Healthcare data is a mess. Academic medicine is perhaps starting to realize this uncomfortable fact as it contemplates the use of Big Data to improve the traditional medical research approach, but those of us who have been in the trenches of population health management (PHM) for more than a decade are well versed in the challenges of refining health care data into a high-quality and actionable data set.
In a recent editorial, “Large databases (Big Data) and Evidence-Based Medicine” (European Journal of Internal Medicine, 2018-07-01, Volume 53, Pages 1-2), the authors appropriately recognize the limitations of the traditional Randomized Control Trial (RCT) and suggest that Big Data analytics utilizing data from electronic health records (EHRs) and other sources could improve the development of evidence-based medicine (EBM) guidelines and protocols.
As the article notes:
“Many evidence-generating RCTs do not consider the complexity of patients assessed in everyday practice. Even when a trial is targeted to the elderly, the population enrolled is usually highly selected. Older patients, and women especially, are strikingly under-represented in RCTs, and patients with multimorbidity, a common phenomenon in older ages, are generally excluded. In addition, RCTs rarely address heterogeneity of the older population determined by occurrence or absence of multimorbidity, disability, polypharmacotherapy, factors which can influence a patient’s initial level of risk for a given outcome, responsiveness to treatment, or vulnerability to adverse effects.”
The thought that aggregating data from multiple EHRs and applying Big Data analytics to the data set is a good one, however the current reality is that this approach is a significant challenge that requires the use of specialized technology and human capital. Let’s take a look at some of the reasons applying Big Data analytics to aggregated EHR data is much easier said than done and why experience and the right technology are critical for success as I see it:
Terminology Overload – There are a large number of terminologies (also called code sets, dictionaries, etc.) used by EHR vendors, and many of these terminologies are custom and unique to the EHR vendor. Making sense of EHR data requires translation, mapping, and grouping of data in order to normalize it and make it actionable. Clinicians work with many hundreds of different terminologies, and about two-thirds of them are custom.
Vendor Inconsistency – The terminologies used by an EHR vendor often vary between products and even between versions of the same product. Updates to existing EHR software often change the way data is stored, which requires changes to how data is normalized. EHR vendors often do not communicate such changes, which adds another layer of complexity and increases the risk of missing data and inaccurate translation.

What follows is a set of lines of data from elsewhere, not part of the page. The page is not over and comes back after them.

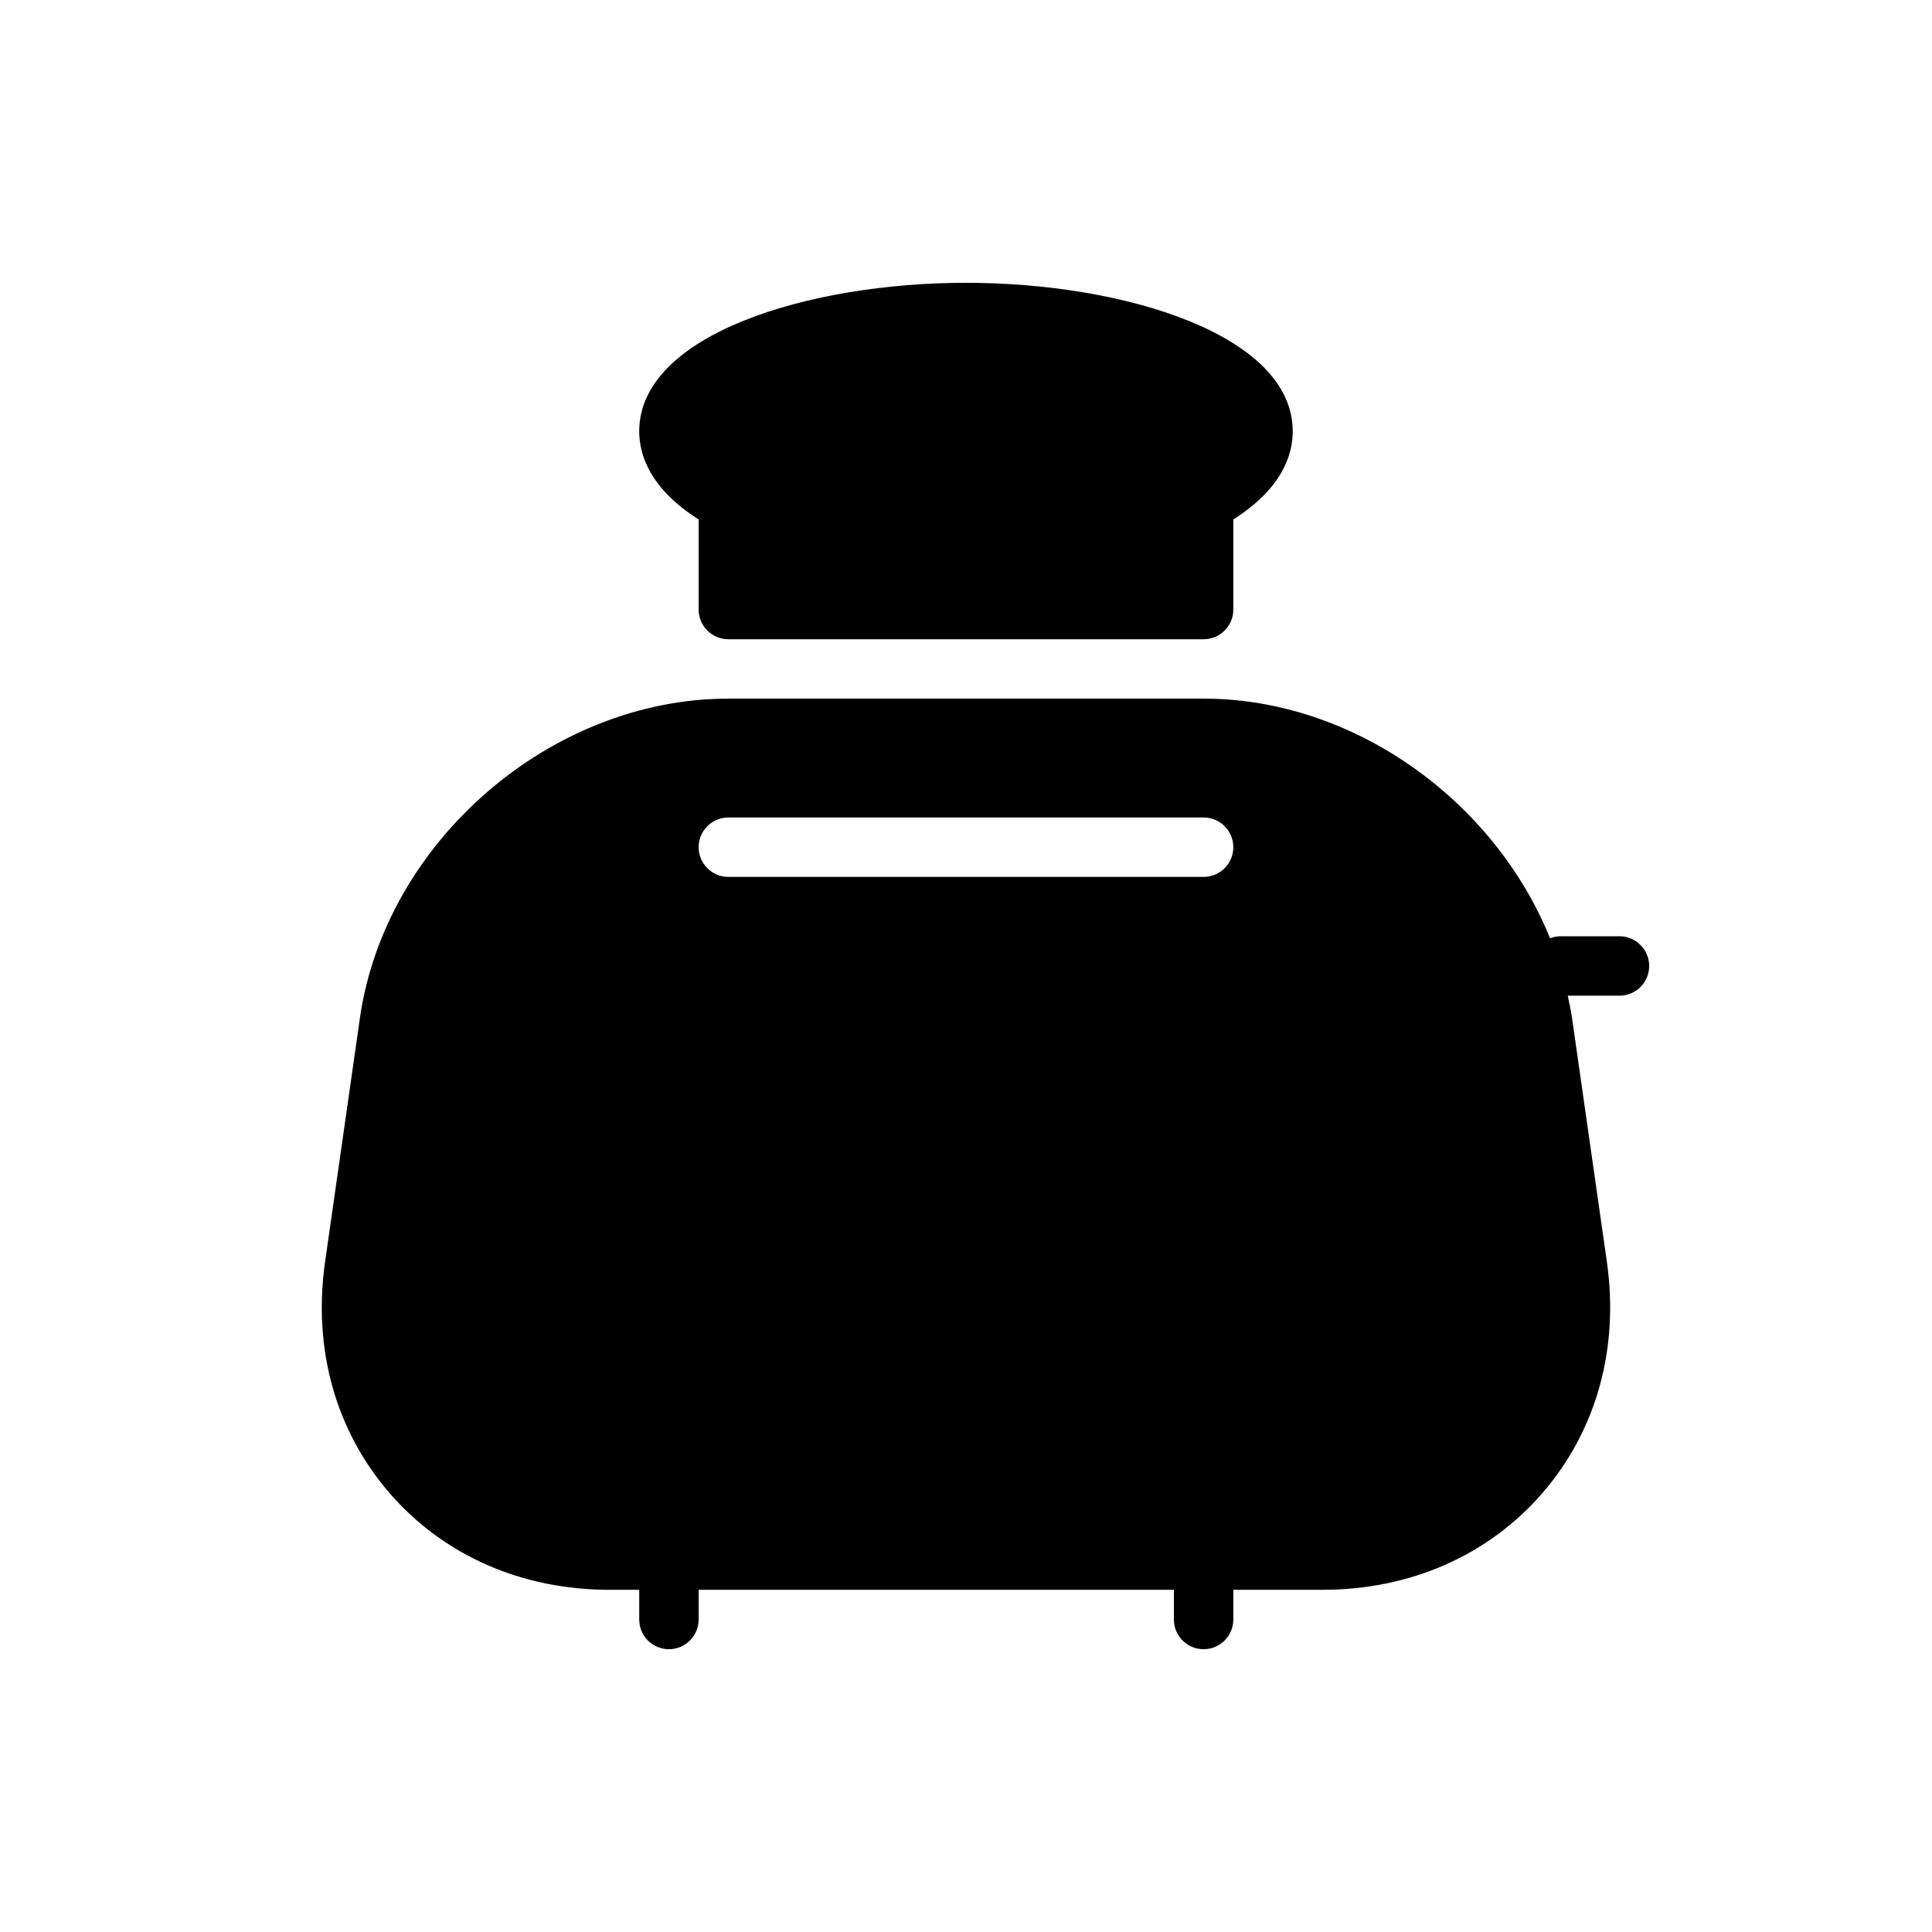 <?xml version="1.0" encoding="UTF-8"?>
<!-- Uploaded to: ICON Repo, www.svgrepo.com, Generator: ICON Repo Mixer Tools -->
<svg fill="#000000" width="800px" height="800px" version="1.1" viewBox="144 144 512 512" xmlns="http://www.w3.org/2000/svg">
 <g>
  <path d="m573.18 392.12h-15.742c-0.945 0-1.82 0.234-2.66 0.535-14.738-36.461-52.02-63.512-91.805-63.512h-125.95c-47.168 0-90.977 37.992-97.645 84.688l-9.227 64.559c-3.289 23.027 2.785 44.801 17.105 61.316 14.32 16.516 35.023 25.609 58.277 25.609h7.871v7.871c0 4.352 3.527 7.871 7.871 7.871s7.871-3.519 7.871-7.871v-7.871h125.95v7.871c0 4.352 3.519 7.871 7.871 7.871 4.352 0 7.871-3.519 7.871-7.871v-7.871h23.617c23.254 0 43.949-9.094 58.27-25.602 14.32-16.523 20.395-38.289 17.113-61.324l-9.227-64.559c-0.285-2.016-0.738-3.992-1.148-5.969l13.715 0.004c4.352 0 7.871-3.527 7.871-7.871 0-4.348-3.519-7.875-7.871-7.875zm-110.21-15.734h-125.95c-4.344 0-7.871-3.527-7.871-7.871s3.527-7.871 7.871-7.871h125.95c4.352 0 7.871 3.527 7.871 7.871s-3.519 7.871-7.871 7.871z"/>
  <path d="m329.15 281.66v23.875c0 4.344 3.527 7.871 7.871 7.871h125.95c4.352 0 7.871-3.527 7.871-7.871v-23.875c12.887-8.18 15.742-17.074 15.742-23.355 0-25.566-44.609-39.359-86.594-39.359-41.98 0-86.594 13.793-86.594 39.359 0.008 6.277 2.867 15.184 15.75 23.355z"/>
 </g>
</svg>

Provider Variability – How EHRs are used has an impact on data quality. Providers and staff members often do not use their EHR in the same way, which means pertinent information can be inconsistently and incompletely aggregated and normalized. Important data can be easily missed due to this variability in use.
Market Issues – Providers and their health care systems rip and replace their EHRs with some regularity, often multiple times. This affects data quality, because pertinent information may not be available in the latest EHR. Data from the last EHR is often not “copied over” to the next EHR due to the cost of doing this accurately for all of the reasons mentioned here.

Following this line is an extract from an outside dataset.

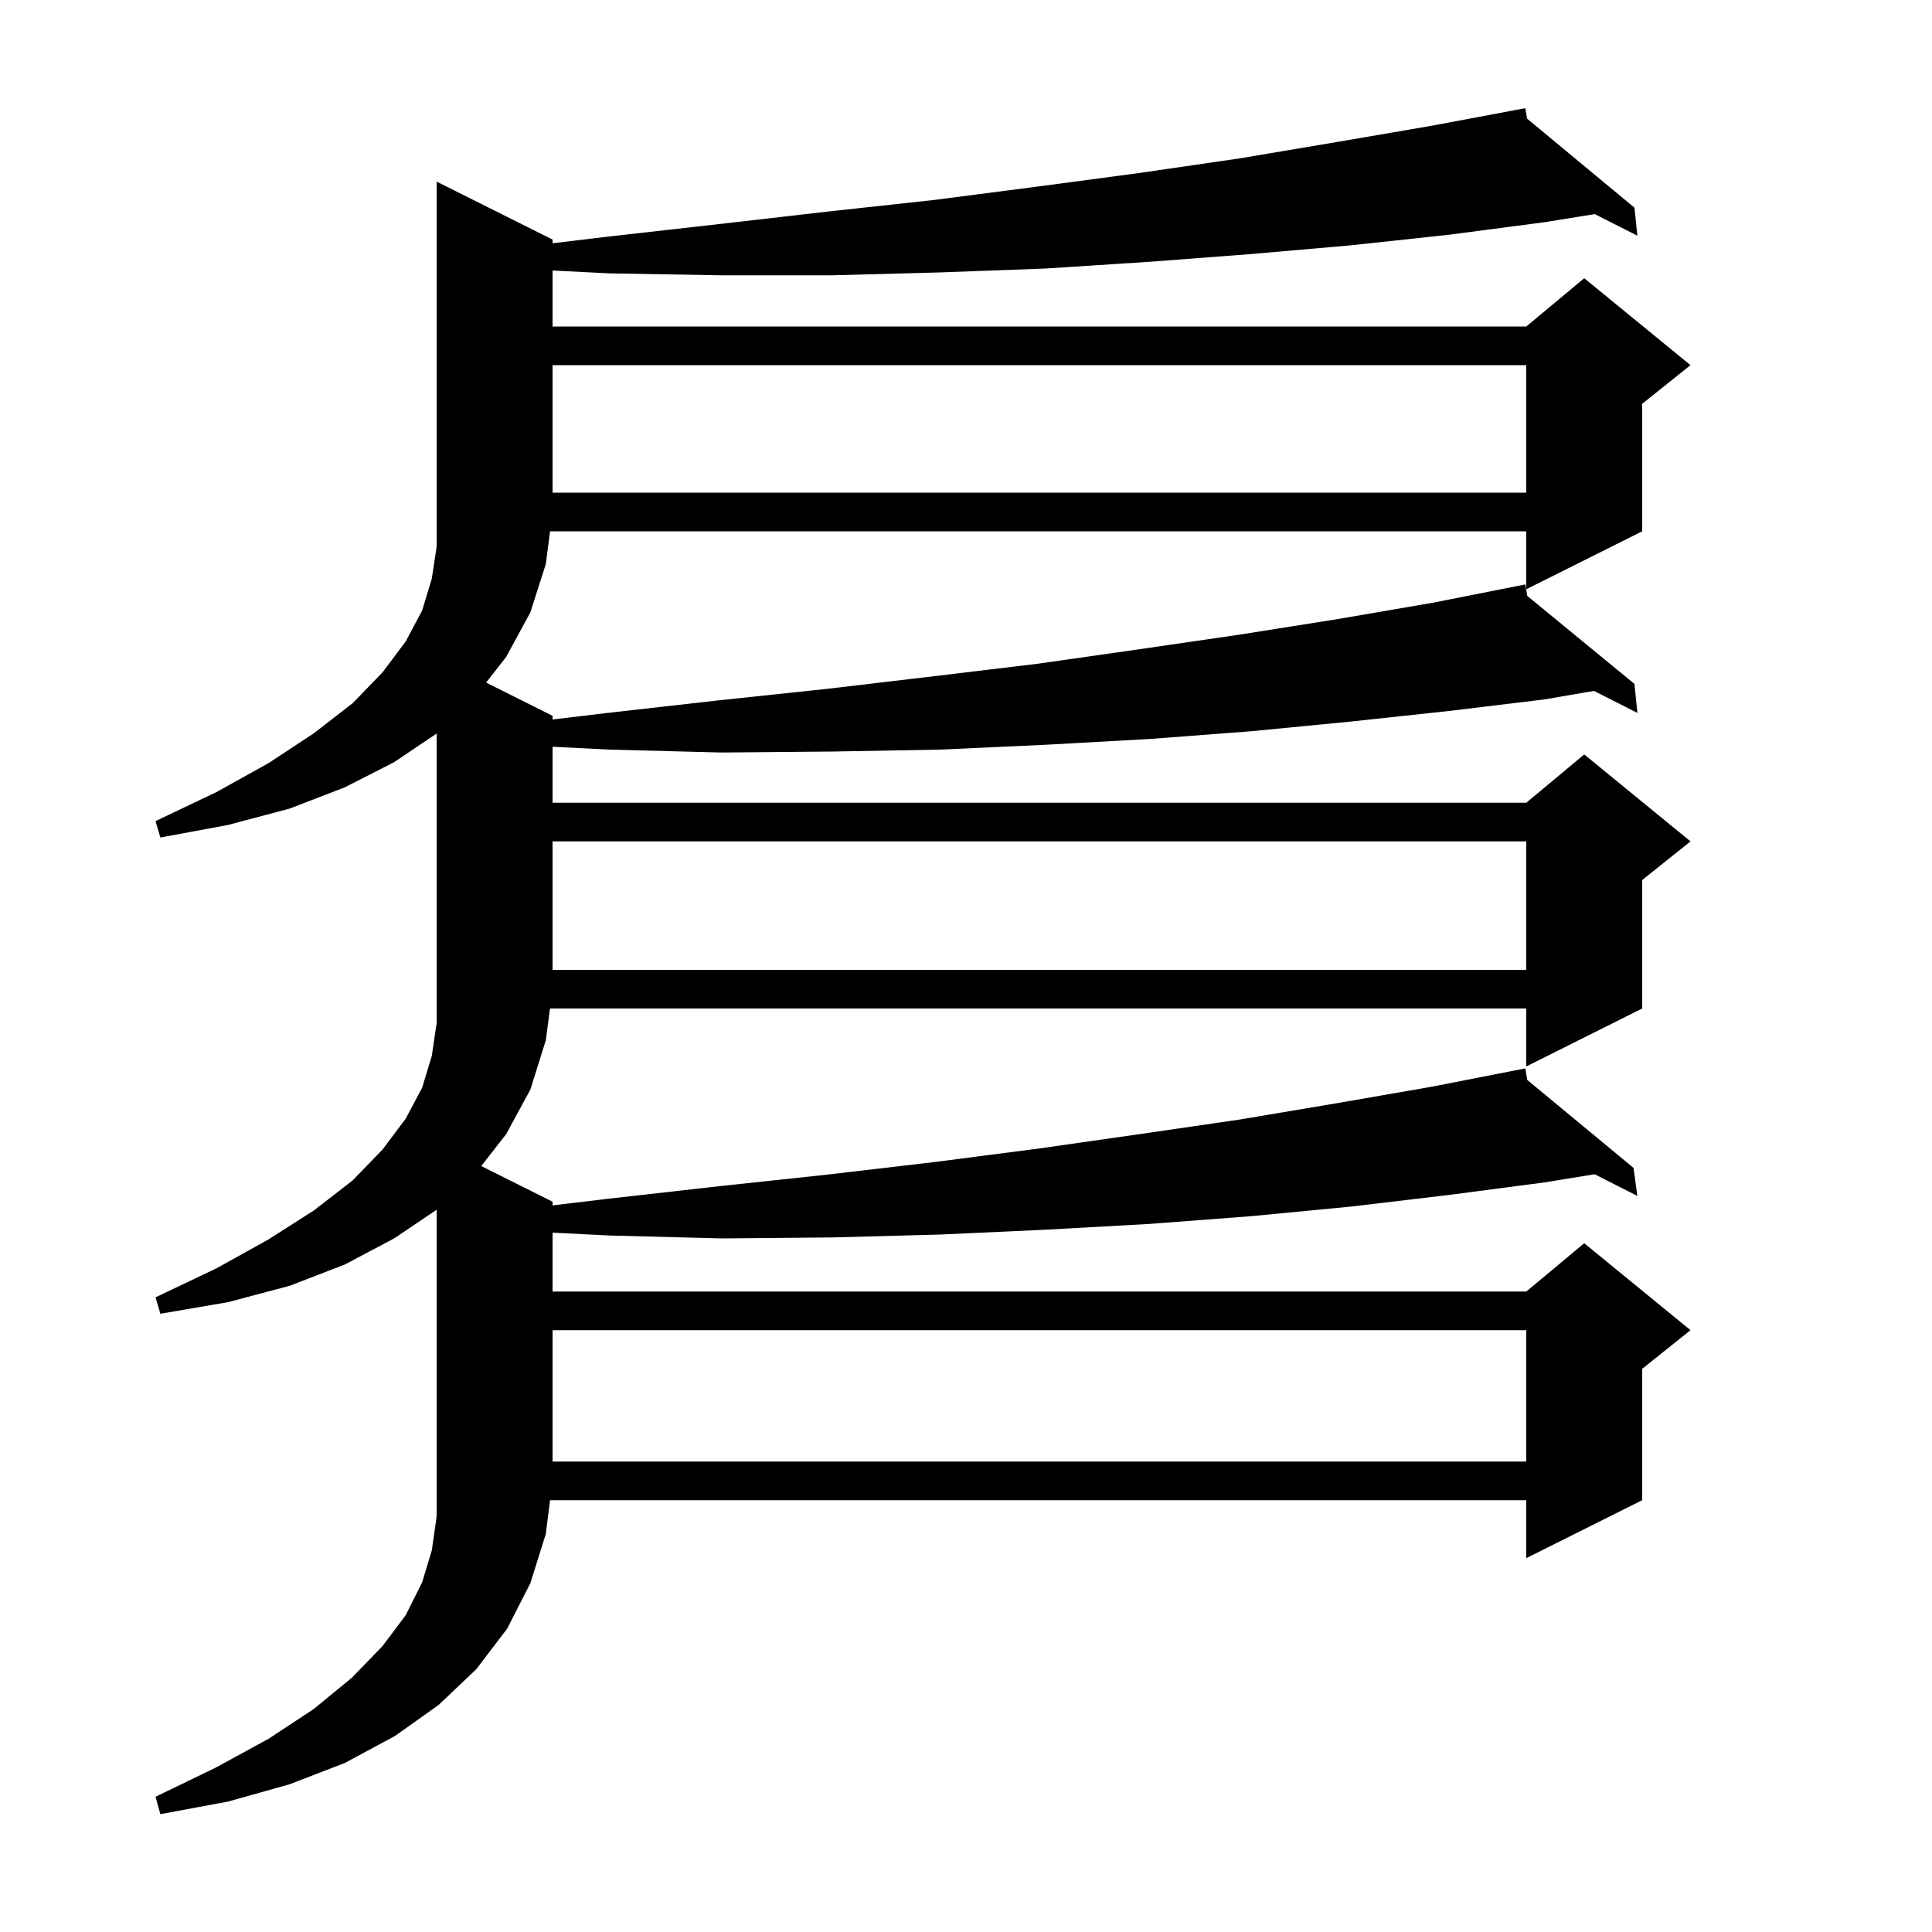 <svg xmlns="http://www.w3.org/2000/svg" xmlns:xlink="http://www.w3.org/1999/xlink" version="1.1" baseProfile="full" viewBox="0 0 200 200" width="200" height="200"><g fill="currentColor"><path d="M 40.8 128.2 L 35.7 130.9 L 30.0 133.1 L 23.6 134.8 L 16.6 136.0 L 16.1 134.3 L 22.4 131.3 L 27.8 128.3 L 32.5 125.3 L 36.5 122.2 L 39.6 119.0 L 42.0 115.8 L 43.7 112.6 L 44.7 109.3 L 45.2 105.9 L 45.2 75.935 L 40.8 78.9 L 35.7 81.5 L 30.0 83.7 L 23.6 85.4 L 16.6 86.7 L 16.1 85.0 L 22.4 82.0 L 27.8 79.0 L 32.5 75.9 L 36.5 72.8 L 39.6 69.6 L 42.0 66.4 L 43.7 63.2 L 44.7 59.9 L 45.2 56.6 L 45.2 18.8 L 57.2 24.8 L 57.2 25.182 L 62.9 24.5 L 74.4 23.2 L 85.7 21.9 L 96.7 20.7 L 107.5 19.3 L 118.0 17.9 L 128.3 16.4 L 138.4 14.7 L 148.3 13.0 L 156.921 11.383 L 156.9 11.3 L 156.986 11.371 L 157.9 11.2 L 158.083 12.281 L 169.2 21.5 L 169.5 24.4 L 165.086 22.164 L 159.9 23.0 L 150.0 24.3 L 139.8 25.4 L 129.5 26.3 L 119.0 27.1 L 108.2 27.8 L 97.3 28.2 L 86.1 28.5 L 74.7 28.5 L 63.1 28.3 L 57.2 28.003 L 57.2 33.8 L 158.0 33.8 L 164.0 28.8 L 175.0 37.8 L 170.0 41.8 L 170.0 55.0 L 158.0 61.0 L 158.0 55.0 L 56.941 55.0 L 56.5 58.4 L 54.9 63.4 L 52.4 68.0 L 50.323 70.661 L 57.2 74.1 L 57.2 74.482 L 62.9 73.8 L 74.4 72.5 L 85.7 71.3 L 96.7 70.0 L 107.5 68.7 L 118.0 67.2 L 128.3 65.7 L 138.4 64.1 L 148.3 62.4 L 157.9 60.5 L 158.099 61.685 L 169.2 70.8 L 169.5 73.8 L 165.004 71.522 L 159.9 72.4 L 150.0 73.6 L 139.8 74.7 L 129.5 75.7 L 119.0 76.5 L 108.2 77.1 L 97.3 77.6 L 86.1 77.8 L 74.7 77.9 L 63.1 77.6 L 57.2 77.303 L 57.2 83.1 L 158.0 83.1 L 164.0 78.1 L 175.0 87.1 L 170.0 91.1 L 170.0 104.4 L 158.0 110.4 L 158.0 104.4 L 56.936 104.4 L 56.5 107.7 L 54.9 112.8 L 52.4 117.4 L 49.818 120.709 L 57.2 124.4 L 57.2 124.782 L 62.9 124.1 L 74.4 122.8 L 85.6 121.6 L 96.7 120.3 L 107.5 118.9 L 118.0 117.4 L 128.3 115.9 L 138.4 114.2 L 148.2 112.5 L 157.9 110.6 L 158.103 111.796 L 169.1 120.9 L 169.5 123.8 L 165.072 121.557 L 159.9 122.4 L 150.0 123.7 L 139.9 124.9 L 129.5 125.9 L 119.0 126.7 L 108.2 127.3 L 97.3 127.8 L 86.1 128.1 L 74.7 128.2 L 63.1 127.9 L 57.2 127.603 L 57.2 133.7 L 158.0 133.7 L 164.0 128.7 L 175.0 137.7 L 170.0 141.7 L 170.0 155.3 L 158.0 161.3 L 158.0 155.3 L 56.945 155.3 L 56.5 158.8 L 54.9 163.9 L 52.5 168.6 L 49.3 172.8 L 45.4 176.5 L 40.9 179.7 L 35.7 182.5 L 30.0 184.7 L 23.6 186.5 L 16.6 187.8 L 16.1 186.0 L 22.3 183.0 L 27.8 180.0 L 32.5 176.9 L 36.4 173.7 L 39.6 170.4 L 42.0 167.2 L 43.7 163.8 L 44.7 160.5 L 45.2 157.0 L 45.2 125.235 Z M 57.2 137.7 L 57.2 151.3 L 158.0 151.3 L 158.0 137.7 Z M 57.2 87.1 L 57.2 100.4 L 158.0 100.4 L 158.0 87.1 Z M 57.2 37.8 L 57.2 51.0 L 158.0 51.0 L 158.0 37.8 Z "/></g></svg>

EHR Coverage – Many patients who may be considered for or enrolled in a study do not receive all of their care at the academic medical centers participating in the study. This means that the information in EHRs used by community-based primary care and specialty care providers is important. Interfaces with multiple different EHR vendors and instances of each vendor’s products will be needed to keep aggregated and normalized data set as complete and up-to-date as possible. This is often a logistical challenge and the EHR vendors often charge for these interfaces. Likely recognizing some of these complexities, the authors said, “The need for large volumes of data could be met by the collaboration of many medical institutions sharing a common terminological system.” However, if you create your own terminology you are still in the business of data aggregation and normalization – normalization to your own terminology, so this really doesn’t affect the complexity of the work required.
The authors went on to conclude, “The possibility that huge amounts of data from electronic health records may be analyzed and combined to identify best therapeutical [sic] options by assessment of matched cases, opens a complete [sic] new scenario about patient management and medical evidence.”
I do believe that Big Data analytics utilizing data from EHRs and multiple other sources is promising and should be studied to determine how such analytics can improve the accuracy of medical research, however, the complexities of data aggregation and normalization from multiple systems are non-trivial and will require the right technology and experience to allow these efforts to succeed.